⌨️ 사전 학습 모델 활용하기

⌨️ 사전 학습 모델 활용하기#

사전 학습 모델이란?#

사전 학습 모델(Pre-trained Model)은 이미 학습된 가중치를 가진 모델을 의미하며, 새로운 작업을 시작할 때 처음부터 모델을 학습시키지 않아도 된다는 점에서 매우 유용합니다. 인공지능 모델은 크게 모델 구조(Neural Network)와 모델 가중치(Weights)로 구성되어 있습니다:

모델 구조(Neural Network): 특정 작업(예: 이미지 분류, 객체 탐지)에 적합한 신경망 설계 (일반적으로 Class 자료형)
모델 가중치(Weights): 특정 데이터셋에서 학습한 파라미터 값으로, 적용 분야에 따라 서로 다른 데이터셋을 활용하여 모델 가중치가 달라짐

이러한 모델 가중치를 처음부터 학습시키려면 많은 시간과 자원이 필요한데, 사전 학습 모델은 이러한 어려움을 해결해줍니다. 마치, 숙련된 개발자가 이미 작성해놓은 잘 동작하는 라이브러리를 불러와 활용하는 것과 같습니다.

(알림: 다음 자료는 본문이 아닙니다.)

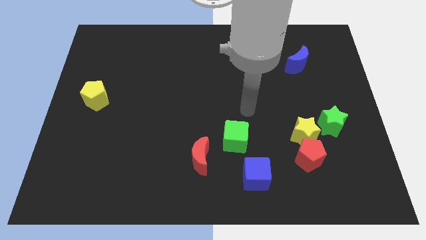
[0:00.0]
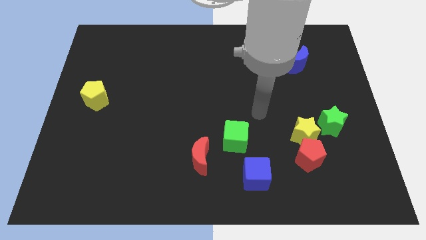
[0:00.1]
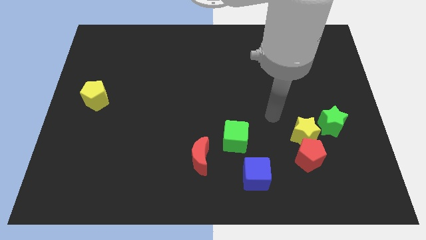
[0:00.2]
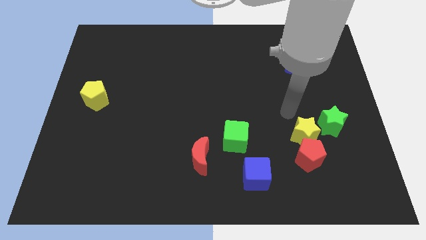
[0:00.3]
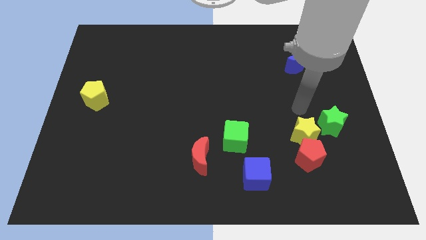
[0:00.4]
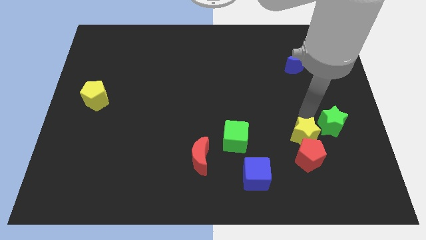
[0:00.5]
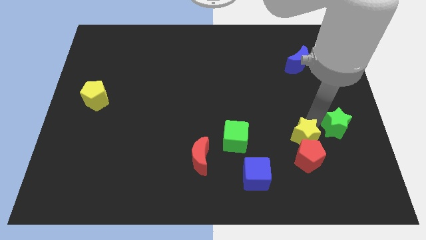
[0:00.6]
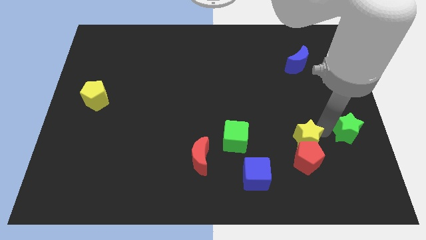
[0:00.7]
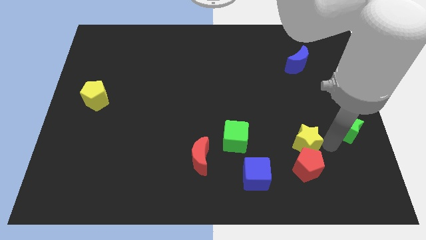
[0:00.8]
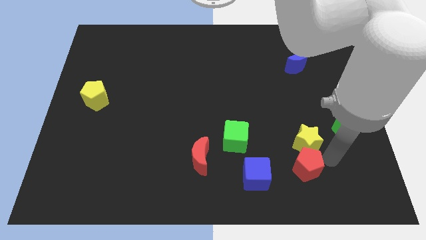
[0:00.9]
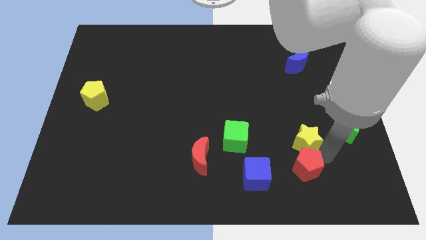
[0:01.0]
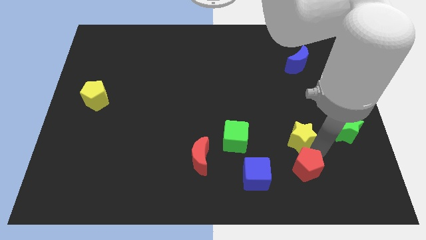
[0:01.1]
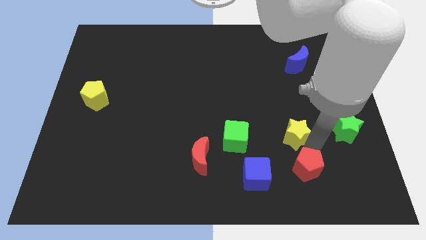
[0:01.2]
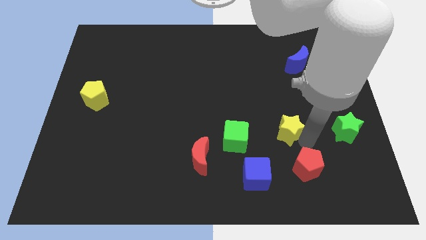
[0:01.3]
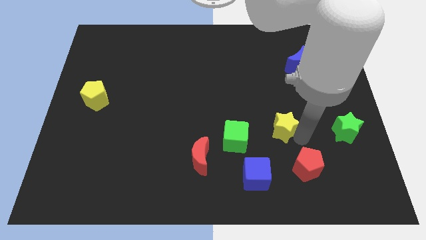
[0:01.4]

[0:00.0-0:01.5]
separate the yellow star from the red pentagon and green star

torchvision이 제공하는 사전 학습 모델#

torchvision.models 모듈에는 많이 사용하는 작업들을 위한 모델 구조와 함께 사전 학습된 모델 가중치도 제공하고 있습니다:

이미지 분류(Classification): ResNet, VGG, MobileNet 등
객체 탐지(Object Detection): Faster R-CNN, RetinaNet, YOLO 등
이미지 세분화(Segmentation): DeepLabV3, FCN 등
키포인트 검출(Keypoint Detection): Keypoint R-CNN 등
비디오 분류(Video Classification): R3D, MC3, C2D 등

torchvision에서 제공하는 작업 종류별 제공하는 사전 학습 모델에 대해서는 다음 문서를 참고해주세요:

https://pytorch.org/vision/stable/models.html

torchvision이 제공하는 사전 학습 모델 사용하기#

먼저 torchvision에서 제공하는 Faster R-CNN(Region-based Convolutional Neural Network) 모델을 가져와 사용해보겠습니다. Faster R-CNN은 객체 탐지(Object Detection) 작업에 최적화된 딥러닝 모델로, 입력 이미지에서 여러 객체를 탐지하고, 각 객체의 바운딩 박스와 클래스 레이블을 예측합니다.

이미지 내려받기#

Note

앞에서 다운로드한 sample.jpg 파일이 존재하면 다시 다운로드하지 않아도 됩니다.

# 이미지 준비에 필요한 라이브러리 불러오기
from io import BytesIO
import requests
from PIL import Image

# URL로부터 이미지를 다운로드하고 파일로 저장하는 함수
def save_image_from_url(image_url, file_path='./temp.jpg'):
    try:
        response = requests.get(image_url, stream=True)
        response.raise_for_status()

        image = Image.open(BytesIO(response.content))
        image.save(file_path)
        print(f'Image saved successfully to {file_path}')
    except requests.exceptions.RequestException as e:
        print(f'Error downloading image: {e}')
    except Exception as e:
        print(f'Error saving image: {e}')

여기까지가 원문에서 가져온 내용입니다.